I don’t understand her feelings on her biracialism. I want to. Believe me, I really want to. I have the impatience of a toddler; I want to know it now and I want to fix it now. However, growing up in middle class white suburbia didn’t gift me with immediate knowledge of diversity, let alone how one person feels on the subject of their own. I don’t contemplate how it feels to be a part of two very different worlds, worlds that are discriminatory against one another and not have a choice in the matter.
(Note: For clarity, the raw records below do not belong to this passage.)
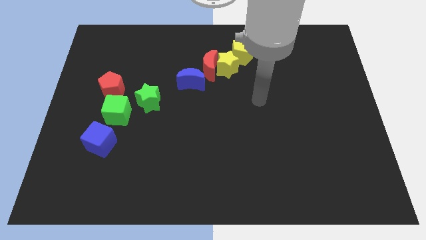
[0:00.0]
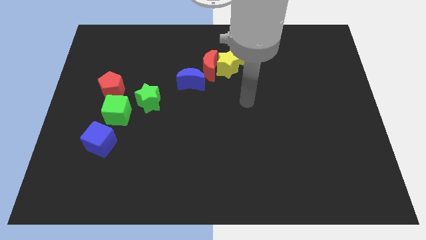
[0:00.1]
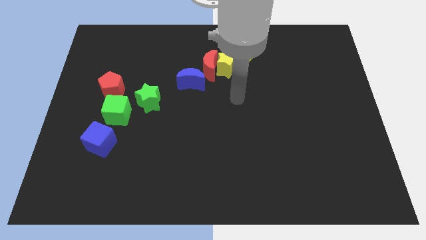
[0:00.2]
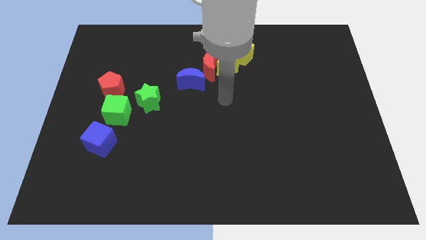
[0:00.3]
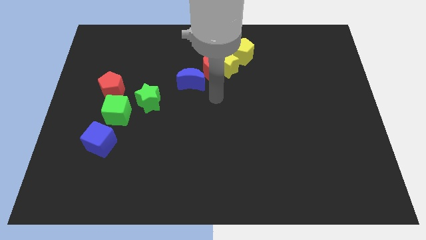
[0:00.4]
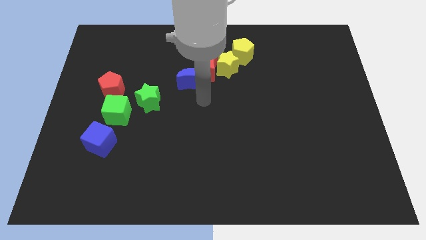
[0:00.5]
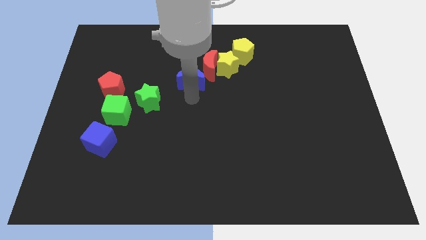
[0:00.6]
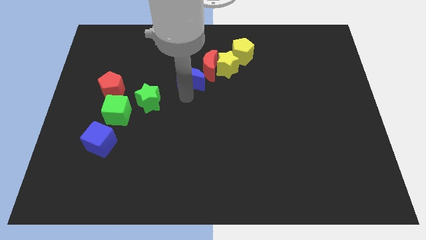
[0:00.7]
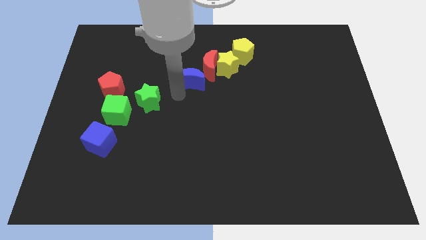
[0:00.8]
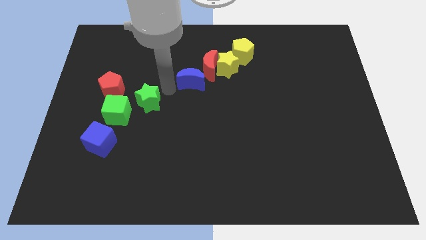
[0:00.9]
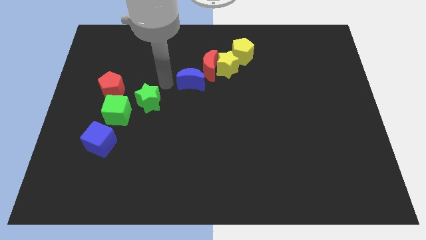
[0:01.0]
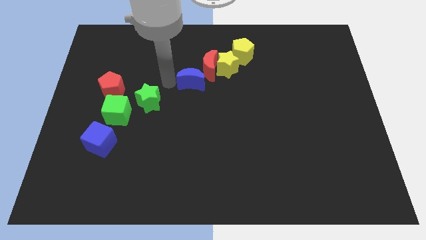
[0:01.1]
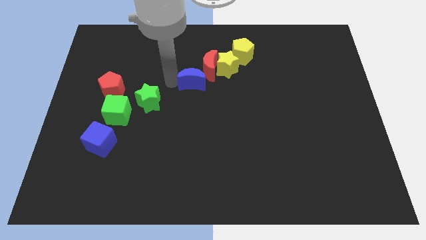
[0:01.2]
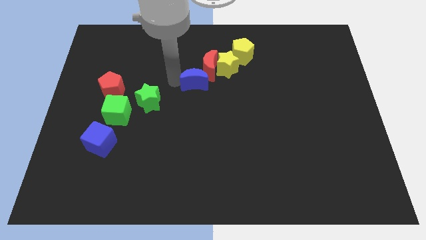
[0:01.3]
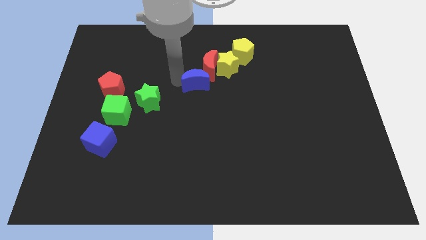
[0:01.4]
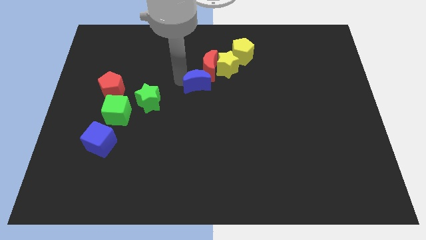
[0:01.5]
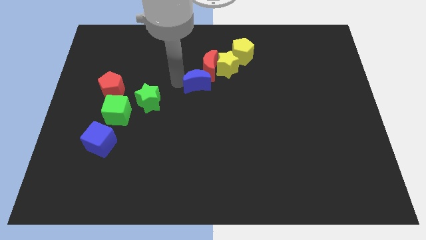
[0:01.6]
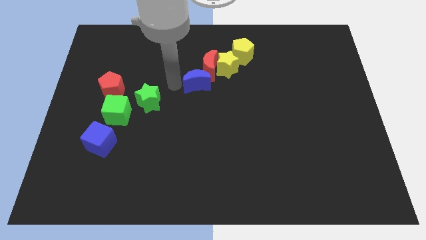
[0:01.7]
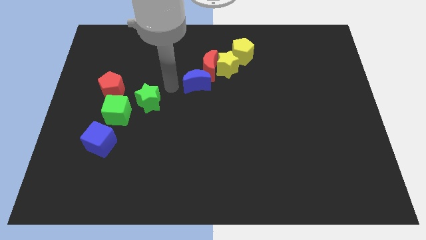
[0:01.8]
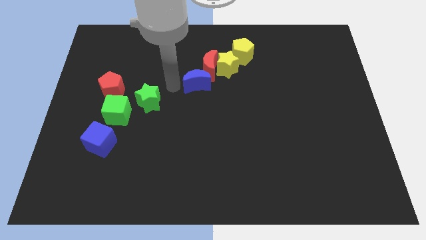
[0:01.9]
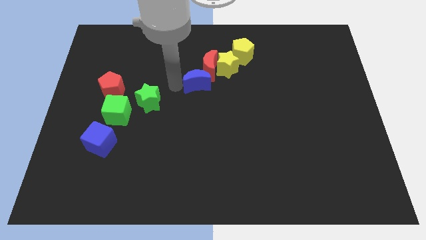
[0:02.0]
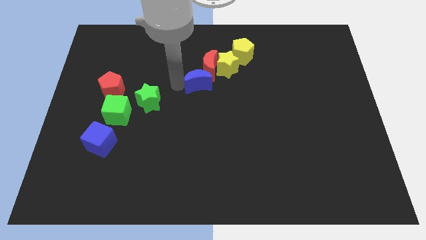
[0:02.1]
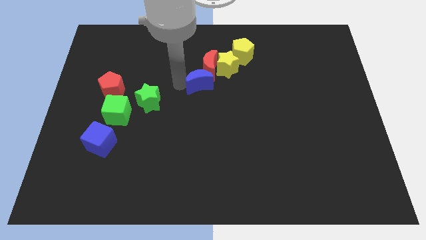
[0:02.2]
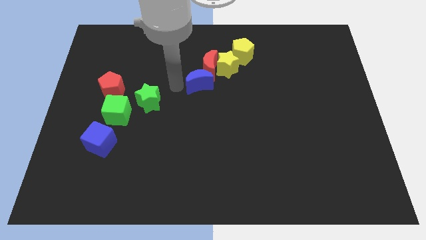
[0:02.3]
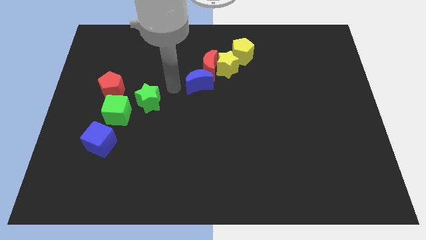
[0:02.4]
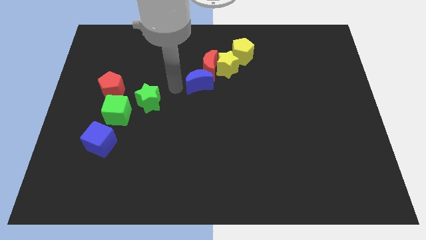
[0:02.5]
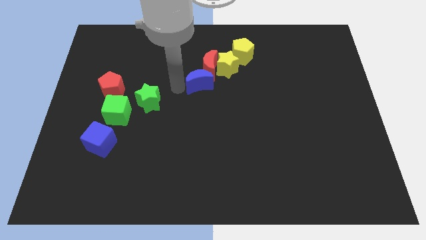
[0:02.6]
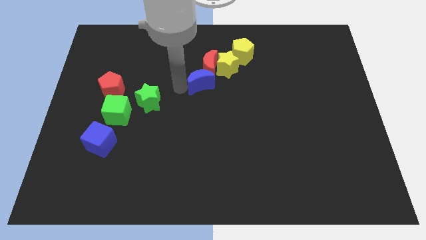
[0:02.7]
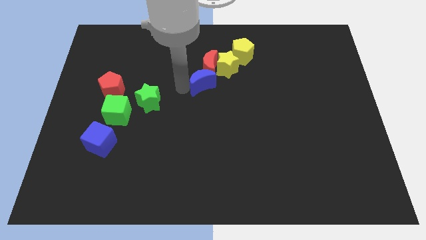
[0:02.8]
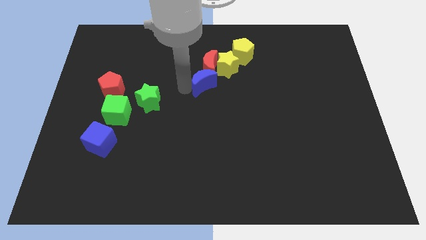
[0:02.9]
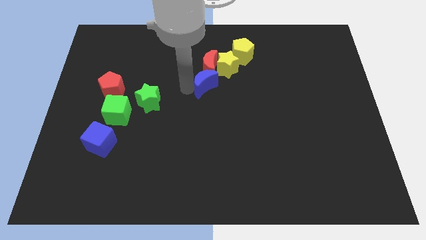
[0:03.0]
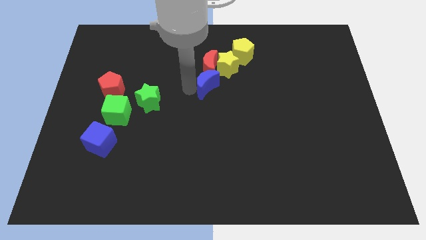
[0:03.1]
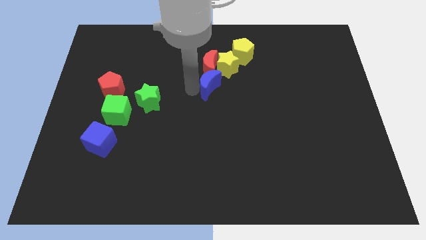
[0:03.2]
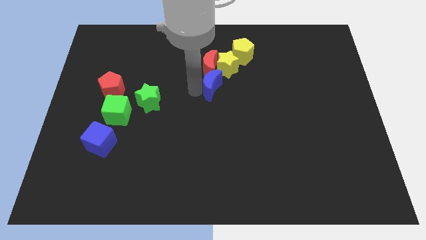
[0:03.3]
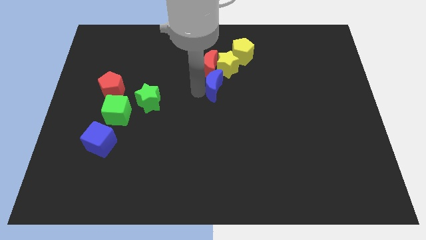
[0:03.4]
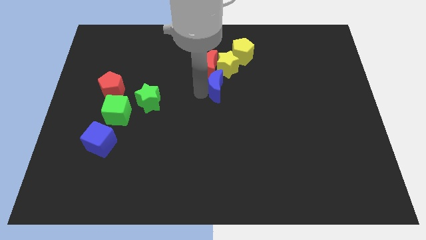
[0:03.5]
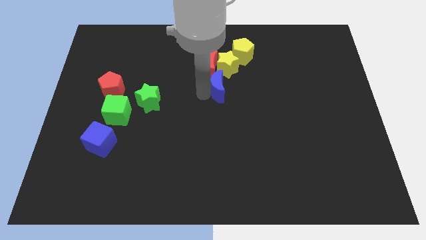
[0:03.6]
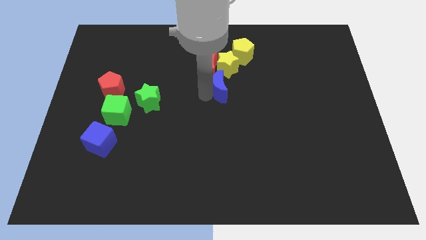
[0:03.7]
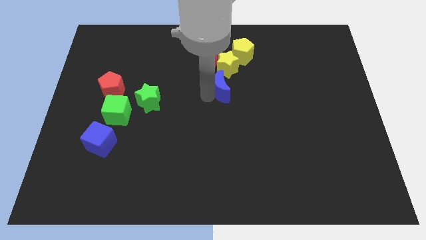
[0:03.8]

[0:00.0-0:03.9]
push the blue moon slightly to the right

I’ve never had to ponder my inability to connect with racial identity.

I’m unable to say “I understand” to comfort her, a safe set of words that seem basic to the function of the “I’m sorry” sentiment.

There’s no saying “I understand” when she tells you that all those racist jokes you made in high school and that saving her phone contact name as “my Asian friend” when you first met, still hurts her.

There’s no saying “I understand” when her Caucasian mother tells her not to be so sensitive.

There’s no saying “I understand” when people say they aren’t surprised by her 4.0 and they just met her.

There’s no saying “I understand” when another guy asks her if she likes anime at a party and she is forced to tell him, no, it’s not really her thing.

There’s no saying “I understand” when people ask me if I climb the Great Wall of China or if she loves me long time. (She is Japanese, for the record.)

There’s no saying “I understand” when people call her white and I have to wonder if she wants that, or if I can correct them.

There’s no saying “I understand” when she starts crying in front of a mirror, and says she isn’t thin enough to be Asian, but isn’t pretty enough to be white. (She is, for the record, the most beautiful girl I’ve ever seen).

I don’t understand. I don’t know what it is like to be told that I don’t belong when the belonging feels innate. I can only be angry for her and with her and tell her that she is beautiful and tell her that she is intelligent and tell her that they are wrong. They being those who don’t understand and me, being one of them by default because like them, I don’t get it. Unlike them, I want to get it.

Maybe I’m not supposed to. Maybe I have to wait for her to tell me more, but until then, I’ll have to be patient with learning the feelings that come with her identity, the ones that even might be confusing for her.

What I don’t have to be, is patient with the people that make her feel this way, and I don’t think I ever will be.